I wanted in. And I wasn’t taking no for an answer anymore. So when that text came through, there wasn’t really a decision to make.
What I thought was an Australian team turned into a French-speaking group chat within minutes. I was translating messages, figuring out who was even in the country, and realizing I’d just stepped into an international team coming from France, New Caledonia and New Zealand. I didn’t understand a word. Didn’t matter.

We met Thursday morning. Weighed in. Signed papers. Walked straight to the dock. And then everything flipped.
They had never sailed a Catalina 37. I had. These boats don’t exist anywhere else. If you haven’t sailed in Long Beach, you haven’t sailed them.
So there I was, the last-minute fill-in, now explaining rigging, systems, the symmetrical kite, dip pole, timing … everything that doesn’t show up on paper. This would have been Tom’s third time driving a wheel boat. And it didn’t matter.
That’s the thing about high-level sailing. You don’t wait to be comfortable. You get up to speed, fast. Practice was messy. Not bad. Just off. Timing a half step early. A half step late.
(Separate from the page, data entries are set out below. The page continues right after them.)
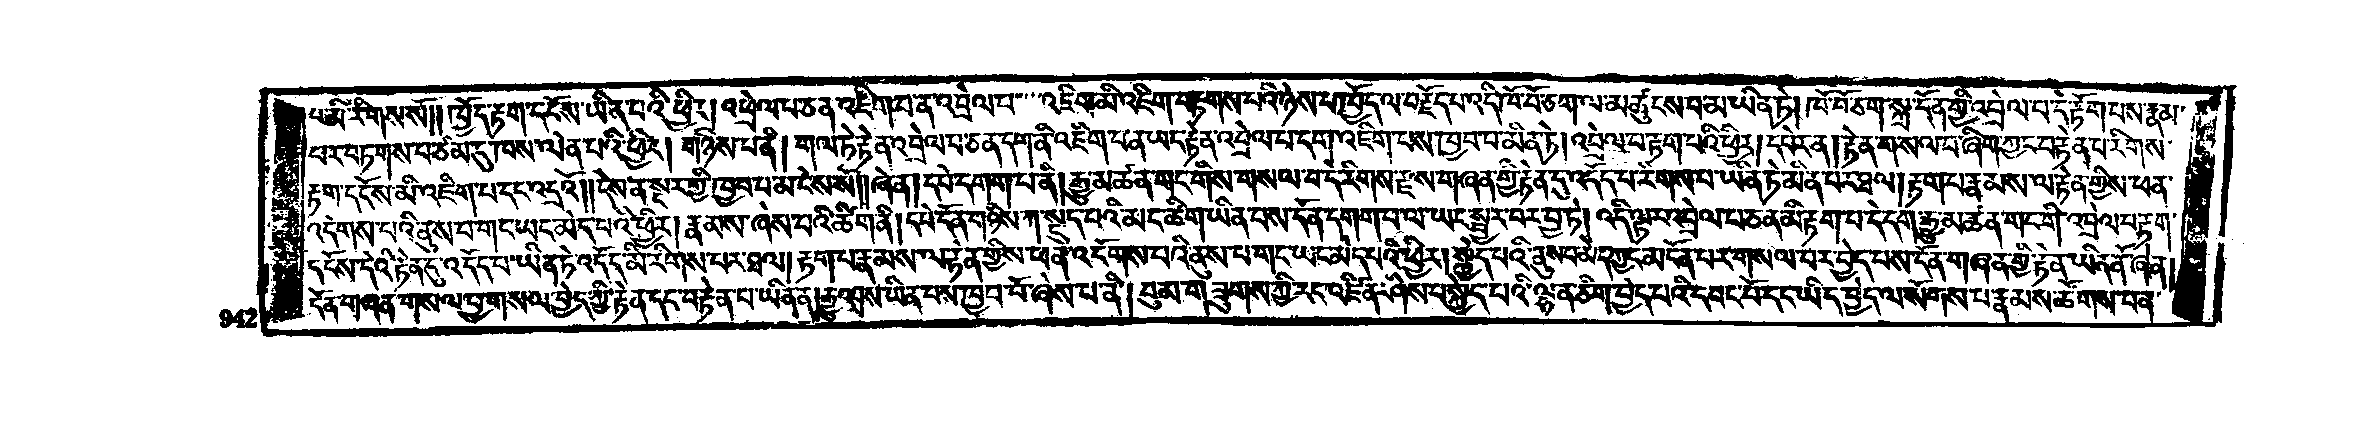པ་མི་རིགས་སོ། །ཁྱོད་རྟག་དངོས་ཡིན་པའི་ཕྱིར། འཕྲེལ་པ་ཅན་འཇིག་པ་ན་འབྲེལ་བ་འཇིག་མི་འཇིག་བརྟགས་པའི་ཉེས་པ་ཁྱོད་ལ་བརྗོད་པ་འདི་ཁོ་བོ་ཅག་ལ་མཚུངས་པ་མ་ཡིན་ཏེ། ཁོ་བོ་ཅག་སྒྲ་དོན་གྱི་འབྲེལ་བ་དེ་རྟོག་པས་རྣམ་
པར་བཏགས་པ་ཙམ་དུ་ཁས་ལེན་པའི་ཕྱིར། གཉིས་པ་ནི། གལ་ཏེ་རྟེན་འབྲེལ་བ་ཅན་དག་ནི་འཇིག་པ་ན་ཡང་རྟེན་འབྲེལ་བ་དག་འཇིག་པས་ཁྱབ་པ་མིན་ཏེ། འབྲེལ་བ་རྟག་པའི་ཕྱིར། དཔེར་ན། རྟེན་གསལ་བ་ཞིག་ཀྱང་བརྟེན་པ་རིགས་
རྟག་དངོས་མི་འཇིག་པ་དང་འདྲའོ། །དེས་ན་སྔར་གྱི་ཁྱབ་པ་མ་ངེས་སོ། །ཞེ་ན། དཔེ་དགག་པ་ནི། རྒྱུ་མཚན་གང་གིས་གསལ་བ་དེ་རིགས་རྫས་གཞན་གྱི་རྟེན་དུ་འདོད་པ་རིགས་པ་ཡིན་ཏེ་མིན་པར་ཐལ། རྟག་པ་རྣམས་ལ་རྟེན་གྱིས་ཕན་
འདོགས་པའི་ནུས་པ་གང་ཡང་མེད་པའི་ཕྱིར། རྣམས་ཞེས་པའི་ཚིག་ནི། དཔེ་དོན་གཉིས་ཀ་སྡུད་པའི་མང་ཚིག་ཡིན་པས་དོན་དགག་པ་ལ་ཡང་སྦྱར་བར་བྱ་ཏེ། འདི་ལྟར་འབྲེལ་བ་ཅན་མི་རྟག་པ་དེ་དག་རྒྱུ་མཚན་གང་གི་འབྲེལ་པ་རྟག་
དངོས་དེའི་རྟེན་དུ་འདོད་པ་ཡིན་ཏེ་འདོད་མི་རིགས་པར་ཐལ། རྟག་པ་རྣམས་ལ་རྟེན་གྱིས་ཕན་འདོགས་པའི་ནུས་པ་གང་ཡང་མེད་པའི་ཕྱིར། སྐྱེད་པའི་ནུས་པ་མེད་ཀྱང་མངོན་པར་གསལ་བར་བྱེད་པས་དོན་གཞན་གྱི་རྟེན་ཡིན་ནོ་ཞེ་ན།
དོན་གཞན་གསལ་བྱ་གསལ་བྱེད་ཀྱི་རྟེན་དང་བརྟེན་པ་ཡིན་ན། རྒྱུ་འབྲས་ཡིན་པས་ཁྱབ་པོ་ཞེས་པ་ནི། བུམ་གཟུགས་ཀྱི་རང་འཛིན་ཤེས་པ་སྐྱེད་པའི་ལྷན་ཅིག་བྱེད་པའི་དབང་པོ་དང་ཡིད་བྱེད་ལ་སོགས་པ་རྣམས་ཚོགས་པ་ན་

Nothing major, but enough to lose races. “Tack and set.” “Port layline.” That was it.
By the end of the day, we had it — motion, timing, all of it. At some point, it stopped being about where anyone was from, or anything else for that matter. They forgot I was even a woman, until the bucket started making its way up the hatch. And even that just turned into a laugh.
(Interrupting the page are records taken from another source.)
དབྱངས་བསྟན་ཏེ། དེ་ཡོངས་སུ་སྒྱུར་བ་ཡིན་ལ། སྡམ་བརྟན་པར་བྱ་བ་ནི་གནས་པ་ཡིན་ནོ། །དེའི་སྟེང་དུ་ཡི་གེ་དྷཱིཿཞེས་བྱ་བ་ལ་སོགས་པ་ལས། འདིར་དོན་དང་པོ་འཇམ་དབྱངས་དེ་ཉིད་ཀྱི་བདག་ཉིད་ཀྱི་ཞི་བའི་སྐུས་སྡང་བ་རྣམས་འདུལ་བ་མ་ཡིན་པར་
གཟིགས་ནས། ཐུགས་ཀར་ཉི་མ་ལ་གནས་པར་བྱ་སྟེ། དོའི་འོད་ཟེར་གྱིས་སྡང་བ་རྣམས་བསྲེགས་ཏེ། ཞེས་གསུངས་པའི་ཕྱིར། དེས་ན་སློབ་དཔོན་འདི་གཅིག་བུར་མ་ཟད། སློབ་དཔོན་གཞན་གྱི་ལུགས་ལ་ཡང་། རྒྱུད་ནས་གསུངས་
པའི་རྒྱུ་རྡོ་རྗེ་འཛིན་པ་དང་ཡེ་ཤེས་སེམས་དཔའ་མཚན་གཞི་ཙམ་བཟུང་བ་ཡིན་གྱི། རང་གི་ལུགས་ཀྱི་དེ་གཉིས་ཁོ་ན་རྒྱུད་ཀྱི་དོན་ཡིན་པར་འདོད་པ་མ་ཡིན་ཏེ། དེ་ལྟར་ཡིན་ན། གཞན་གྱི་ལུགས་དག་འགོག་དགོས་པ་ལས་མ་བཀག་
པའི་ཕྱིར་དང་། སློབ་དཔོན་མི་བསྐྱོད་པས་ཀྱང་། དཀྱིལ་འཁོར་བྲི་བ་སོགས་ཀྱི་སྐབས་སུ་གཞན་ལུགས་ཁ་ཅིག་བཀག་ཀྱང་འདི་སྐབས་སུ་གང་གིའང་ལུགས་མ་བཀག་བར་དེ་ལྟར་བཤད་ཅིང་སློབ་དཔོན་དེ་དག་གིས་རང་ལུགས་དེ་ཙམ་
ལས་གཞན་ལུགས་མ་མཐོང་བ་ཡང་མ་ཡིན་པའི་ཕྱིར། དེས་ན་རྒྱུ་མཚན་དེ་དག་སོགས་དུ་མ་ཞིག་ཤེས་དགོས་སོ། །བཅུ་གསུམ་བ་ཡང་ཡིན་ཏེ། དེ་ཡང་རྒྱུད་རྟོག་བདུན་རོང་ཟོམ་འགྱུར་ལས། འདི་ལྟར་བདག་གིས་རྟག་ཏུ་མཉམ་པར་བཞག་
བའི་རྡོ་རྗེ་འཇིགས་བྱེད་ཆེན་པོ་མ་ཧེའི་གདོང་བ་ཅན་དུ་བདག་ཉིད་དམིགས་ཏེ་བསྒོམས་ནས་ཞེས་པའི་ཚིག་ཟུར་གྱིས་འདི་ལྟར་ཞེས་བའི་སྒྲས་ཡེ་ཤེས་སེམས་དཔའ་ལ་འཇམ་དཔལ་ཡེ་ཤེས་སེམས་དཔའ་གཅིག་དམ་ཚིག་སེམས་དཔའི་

Friday came fast. No sleep. Just running through systems in my head, hoping I had covered enough. First race. Port entry. Suddenly I’m hiking in a dial-up with a team I’d met 24 hours ago. No time to think. The first races weren’t clean. We hit marks. We were over early once. Simple mistakes. But at this level, that’s the race.

Then it clicked. We lined up against Scotty Dickson. Pre-start slowed everything down. You feel it more than you think it. Tom shut the door early, forced Scotty out, and we were gone. Clean start. Clean acceleration. Ten lengths. Then 15.
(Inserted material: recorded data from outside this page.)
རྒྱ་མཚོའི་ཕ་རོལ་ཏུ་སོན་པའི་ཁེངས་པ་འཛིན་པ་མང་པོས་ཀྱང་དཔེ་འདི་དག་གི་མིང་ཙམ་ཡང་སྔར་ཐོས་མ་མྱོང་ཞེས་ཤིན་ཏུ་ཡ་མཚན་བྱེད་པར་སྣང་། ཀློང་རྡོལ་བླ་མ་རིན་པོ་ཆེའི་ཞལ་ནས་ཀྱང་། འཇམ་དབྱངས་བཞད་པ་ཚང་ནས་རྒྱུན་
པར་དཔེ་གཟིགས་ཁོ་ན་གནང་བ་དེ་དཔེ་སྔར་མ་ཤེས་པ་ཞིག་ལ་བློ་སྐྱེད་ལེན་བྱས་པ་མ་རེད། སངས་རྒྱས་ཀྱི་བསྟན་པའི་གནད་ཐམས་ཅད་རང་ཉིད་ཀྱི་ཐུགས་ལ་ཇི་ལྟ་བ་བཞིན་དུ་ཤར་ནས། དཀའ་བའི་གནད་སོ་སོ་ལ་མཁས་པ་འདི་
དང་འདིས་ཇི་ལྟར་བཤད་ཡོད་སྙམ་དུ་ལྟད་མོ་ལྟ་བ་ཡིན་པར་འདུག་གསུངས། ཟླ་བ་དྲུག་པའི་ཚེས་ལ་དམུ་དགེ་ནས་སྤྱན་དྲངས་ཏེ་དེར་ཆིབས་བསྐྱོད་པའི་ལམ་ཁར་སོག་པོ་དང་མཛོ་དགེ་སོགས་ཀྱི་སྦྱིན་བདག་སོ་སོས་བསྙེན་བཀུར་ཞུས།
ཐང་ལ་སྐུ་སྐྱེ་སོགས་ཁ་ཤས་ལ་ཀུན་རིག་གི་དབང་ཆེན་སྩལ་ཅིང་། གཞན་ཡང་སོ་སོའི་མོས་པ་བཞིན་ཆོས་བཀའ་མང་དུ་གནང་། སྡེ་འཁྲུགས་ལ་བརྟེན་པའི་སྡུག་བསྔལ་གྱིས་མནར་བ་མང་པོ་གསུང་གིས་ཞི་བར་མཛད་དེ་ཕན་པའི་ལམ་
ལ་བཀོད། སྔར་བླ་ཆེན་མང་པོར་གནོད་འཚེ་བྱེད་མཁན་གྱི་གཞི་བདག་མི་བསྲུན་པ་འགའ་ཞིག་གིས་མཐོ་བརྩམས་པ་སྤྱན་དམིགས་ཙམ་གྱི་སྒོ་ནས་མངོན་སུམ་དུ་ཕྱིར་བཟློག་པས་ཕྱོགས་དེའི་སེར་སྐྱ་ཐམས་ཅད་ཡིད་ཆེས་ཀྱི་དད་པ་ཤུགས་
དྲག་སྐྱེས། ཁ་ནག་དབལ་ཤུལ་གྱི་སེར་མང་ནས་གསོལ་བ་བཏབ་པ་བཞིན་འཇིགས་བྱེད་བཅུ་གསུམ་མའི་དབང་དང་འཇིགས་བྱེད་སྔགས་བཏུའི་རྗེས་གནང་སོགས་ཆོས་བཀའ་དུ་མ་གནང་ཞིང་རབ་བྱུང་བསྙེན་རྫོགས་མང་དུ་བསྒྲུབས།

But it’s never over. They clawed back. Five lengths. Then three. Covered us all the way down the final leg. We held. Crossing that line wasn’t just a win. It was proof. We weren’t chasing the level. We were in it.
Day two showed the other side. We were ahead again in one race, managing the second leg cleanly. At the top mark, we made a move that used to be standard — engaging at the rounding. Rules changed. Inside the zone, you sail proper course now. We got penalized. Race gone.
Later that day, contact with another boat cost us -0.5 and ultimately knocked us out of the top four. No finals.

That’s match racing. Not about big mistakes. About when they happen. We had the speed. The skill. The ability. We just didn’t put it all together when it counted.
Sunday, we were off the water. Sitting at dinner with a group that had been strangers just two days before and now felt like family.
The next French team, friends of Tom and the crew, was arriving for the Congressional Cup. We wouldn’t be there to share it. That part stung.
But it also made one thing clear: We’d all be back.
I’ll sail with anyone; doesn’t matter what country they’re from. I’ll be back for the Ficker Cup. And yes, the Congressional Cup. Skipper or crew, I’ll get there. This is my path. I’ve got a long runway ahead, and I’m not slowing down.